Investing sounds so simple: Buy low, sell high, make money.
But just like the odds of betting against the house in Las Vegas, if it were that easy, everyone would be millionaires.
Right now, Wall Street is having the equivalent of a bargain-basement sale (just look at Warren Buffett’s buying spree), but investors feel safer buying stocks such as Apple at premium prices, explains financial planner Benjamin C. Sullivan of Palisades Hudson Financial Group in Scarsdale, N.Y. It’s irrational. But paying top dollar is just one example of mistakes naïve investors make. There are plenty of others, according to financial experts.
“The end goal is to increase your balance. If you’re losing money over decades, you’re not doing something right,” says Jay Ferrara, economic strategist and investment officer of Farmers and Merchants Trust Company in Long Beach, Calif. “Saving cash is a valuable strategy.”
Here are 9 common investing mistakes:
1. Failing Finance 101. Do your research before you start investing, says Stanley Crouch, chief investment officer at Aegis Capital in New York City. “Investors need to take responsibility for themselves. You don’t need to be a hedge fund manager,” he says, but you do need to know the basics. Crouch started his financial career with degrees in economics and math. But looking back, he says he “was naïve about everything. Experience is huge part of teaching yourself, making mistakes.”
The average investor hasn’t done a good job teaching himself the fundamentals, things as basic as understanding what a stock is, financial planner Sullivan points out. Brushing up on finances is as easy as spending an evening researching financial websites, Crouch says, or better yet, talking to a financial planner.
2. Not trusting your gut. “It’s common sense, at the end of the day,” Crouch says. “Even Warren Buffett invests in things he understands.’’ Buffett has famously has put his money into Dairy Queen (ice cream), Fruit of the Loom (underware), and Burlington Northern (trains) – to name a few of his investments. (His announcement this week that his investment vehicle, Berkshire Hathaway, has taken a 5.4% stake in IBM represents a departure from “a long-held aversion to technology stocks,” The Wall Street Journal said.) But investing in what you understand and relying on gut instinct goes beyond picking stocks. If your financial planner or stockbroker is taking you in directions that make you uncomfortable or raise red flags, you should speak up.
3. Being too scared to invest. Wall Street makes investing appear mysterious, say many of the financial pros. “I think that’s the goal of Wall Street—to make it sound like you need a PhD to be successful,” Ferrara says. Know your strengths and weaknesses before deciding how to manage your finances and learn from your mistakes. But risks are inherent in investing – you need to be comfortable taking them.
4. Not understanding diversification. Even bankers are susceptible to this—thinking that by investing in several banks they are diversifying, Sullivan says.

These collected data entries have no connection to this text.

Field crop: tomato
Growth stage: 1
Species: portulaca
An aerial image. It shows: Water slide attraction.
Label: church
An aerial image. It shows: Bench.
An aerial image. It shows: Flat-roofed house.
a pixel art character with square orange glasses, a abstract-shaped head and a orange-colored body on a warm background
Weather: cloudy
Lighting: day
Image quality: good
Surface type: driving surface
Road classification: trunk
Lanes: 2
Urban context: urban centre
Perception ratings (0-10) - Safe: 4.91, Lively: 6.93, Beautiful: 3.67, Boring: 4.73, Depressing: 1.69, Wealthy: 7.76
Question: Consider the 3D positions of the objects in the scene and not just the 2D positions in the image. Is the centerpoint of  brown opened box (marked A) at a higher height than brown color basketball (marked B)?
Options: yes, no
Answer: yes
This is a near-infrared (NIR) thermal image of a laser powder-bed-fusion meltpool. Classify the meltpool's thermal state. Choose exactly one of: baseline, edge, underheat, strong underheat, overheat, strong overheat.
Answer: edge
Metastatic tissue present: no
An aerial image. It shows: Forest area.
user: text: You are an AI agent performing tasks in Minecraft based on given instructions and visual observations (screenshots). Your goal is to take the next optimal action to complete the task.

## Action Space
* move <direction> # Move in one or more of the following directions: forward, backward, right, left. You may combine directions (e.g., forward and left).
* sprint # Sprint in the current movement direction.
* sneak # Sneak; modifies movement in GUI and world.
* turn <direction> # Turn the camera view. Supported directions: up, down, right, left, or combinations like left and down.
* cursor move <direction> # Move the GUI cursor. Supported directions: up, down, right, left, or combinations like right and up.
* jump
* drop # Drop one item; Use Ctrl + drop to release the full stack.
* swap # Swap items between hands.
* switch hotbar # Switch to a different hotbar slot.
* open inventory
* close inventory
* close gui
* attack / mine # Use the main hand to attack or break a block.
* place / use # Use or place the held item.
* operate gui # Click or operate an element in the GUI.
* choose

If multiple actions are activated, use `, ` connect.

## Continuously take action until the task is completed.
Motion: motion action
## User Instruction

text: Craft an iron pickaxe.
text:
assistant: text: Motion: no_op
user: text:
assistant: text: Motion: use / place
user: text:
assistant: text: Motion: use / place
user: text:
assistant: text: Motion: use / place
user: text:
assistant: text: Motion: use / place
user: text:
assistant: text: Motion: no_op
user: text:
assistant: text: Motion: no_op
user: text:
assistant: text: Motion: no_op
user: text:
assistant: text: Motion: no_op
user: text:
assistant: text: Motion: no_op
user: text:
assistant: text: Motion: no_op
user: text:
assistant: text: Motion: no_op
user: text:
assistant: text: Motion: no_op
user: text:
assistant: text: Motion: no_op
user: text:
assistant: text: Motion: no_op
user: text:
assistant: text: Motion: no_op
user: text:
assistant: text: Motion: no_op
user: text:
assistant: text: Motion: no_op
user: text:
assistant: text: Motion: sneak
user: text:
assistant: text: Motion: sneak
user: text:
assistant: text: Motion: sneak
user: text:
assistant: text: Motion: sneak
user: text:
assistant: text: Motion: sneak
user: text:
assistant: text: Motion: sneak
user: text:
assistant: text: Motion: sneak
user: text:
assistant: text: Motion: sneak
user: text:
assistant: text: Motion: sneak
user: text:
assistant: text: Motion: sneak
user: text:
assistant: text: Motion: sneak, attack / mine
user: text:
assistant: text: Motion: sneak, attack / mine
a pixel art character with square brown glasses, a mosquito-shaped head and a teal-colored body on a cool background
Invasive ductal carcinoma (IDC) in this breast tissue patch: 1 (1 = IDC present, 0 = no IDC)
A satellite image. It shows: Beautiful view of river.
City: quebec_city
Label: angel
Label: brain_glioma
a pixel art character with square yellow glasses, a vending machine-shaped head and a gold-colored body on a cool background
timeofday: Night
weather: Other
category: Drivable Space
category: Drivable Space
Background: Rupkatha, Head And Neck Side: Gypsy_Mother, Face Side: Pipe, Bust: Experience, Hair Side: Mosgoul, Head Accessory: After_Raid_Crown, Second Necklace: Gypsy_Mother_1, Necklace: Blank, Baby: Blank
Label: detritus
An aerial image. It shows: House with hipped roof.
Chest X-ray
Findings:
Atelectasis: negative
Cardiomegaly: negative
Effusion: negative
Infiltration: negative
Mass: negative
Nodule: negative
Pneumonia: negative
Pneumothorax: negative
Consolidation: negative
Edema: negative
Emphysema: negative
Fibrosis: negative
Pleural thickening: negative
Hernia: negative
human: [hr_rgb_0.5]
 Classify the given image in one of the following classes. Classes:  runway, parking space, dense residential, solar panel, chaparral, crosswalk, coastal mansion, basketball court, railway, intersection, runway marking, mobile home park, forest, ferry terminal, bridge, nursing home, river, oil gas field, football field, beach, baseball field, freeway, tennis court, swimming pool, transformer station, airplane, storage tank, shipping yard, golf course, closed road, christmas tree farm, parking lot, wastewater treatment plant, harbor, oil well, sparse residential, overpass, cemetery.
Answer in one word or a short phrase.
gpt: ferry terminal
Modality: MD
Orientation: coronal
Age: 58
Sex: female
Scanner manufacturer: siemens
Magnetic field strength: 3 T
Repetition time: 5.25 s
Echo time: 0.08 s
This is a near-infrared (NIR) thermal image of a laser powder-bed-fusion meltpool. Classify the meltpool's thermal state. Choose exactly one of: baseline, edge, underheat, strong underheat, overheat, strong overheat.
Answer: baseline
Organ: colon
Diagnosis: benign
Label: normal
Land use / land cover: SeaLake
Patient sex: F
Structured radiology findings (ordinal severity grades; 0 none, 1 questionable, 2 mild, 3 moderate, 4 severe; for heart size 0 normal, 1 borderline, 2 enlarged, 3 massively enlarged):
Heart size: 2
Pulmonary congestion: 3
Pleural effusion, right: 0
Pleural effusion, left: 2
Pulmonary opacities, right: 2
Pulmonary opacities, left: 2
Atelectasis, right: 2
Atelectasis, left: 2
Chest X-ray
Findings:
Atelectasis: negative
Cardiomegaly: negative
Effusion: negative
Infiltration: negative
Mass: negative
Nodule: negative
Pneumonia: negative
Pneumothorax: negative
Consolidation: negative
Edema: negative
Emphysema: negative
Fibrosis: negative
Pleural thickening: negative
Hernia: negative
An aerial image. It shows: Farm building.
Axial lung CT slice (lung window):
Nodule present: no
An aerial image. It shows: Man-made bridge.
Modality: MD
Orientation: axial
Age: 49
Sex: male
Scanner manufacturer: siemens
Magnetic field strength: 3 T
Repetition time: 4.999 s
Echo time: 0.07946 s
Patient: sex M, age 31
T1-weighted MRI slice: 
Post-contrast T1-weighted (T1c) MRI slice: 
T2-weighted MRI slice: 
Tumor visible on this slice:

Investing predominantly in your company’s stock puts all your eggs all in one basket and is generally considered a risky route to take. When the stock falls suddenly, you have no other investments to offset the losses.
5. Trying to outsmart the market. A lot of people try to time the market, buying low and selling high, Sullivan explains. Ironically, investors often wait until the market is trending up to buy. Across the board, experts say timing the market is a bad idea.
6. Not having a system to track investments. Beginning investors may think that after buying a stock(s) or investing in a 401k, they can settle back and let the money roll in. You need to have a system, a philosophy that works for you. Something as basic as reviewing 401k statements is a task the average investor doesn’t do. “They forget about it,” Ferrara says.
7. Focusing on the U.S. market. Many American investors fail to consider global markets. A strong U.S. stock could still be affected by foreign influences, Sullivan says. Investors need to widen their scope beyond Wall Street.
8. Not understanding the history of the market. “This is an unprecedented time in history. We say to all our investors: reduce speculative risk and increase certainty,” Crouch says. Traditional investing strategies, such as buy and hold, were for long-term goals such as funding retirement. Even the idea that you need to be heavily invested in the market, for example, is not always true these days, Ferrara says.
9. Following “hot tips.” From the neighborhood dentist to the financial talking heads on TV, it seems everyone is an expert. Many stock tips are bogus. Even if the tip is legit, there may be trouble ahead. “If you somehow get a tip that is based on accurate information from someone close to the company, you may be found guilty of insider trading, Sullivan says. “Your cell is unlikely to be as nice as Martha Stewart’s.”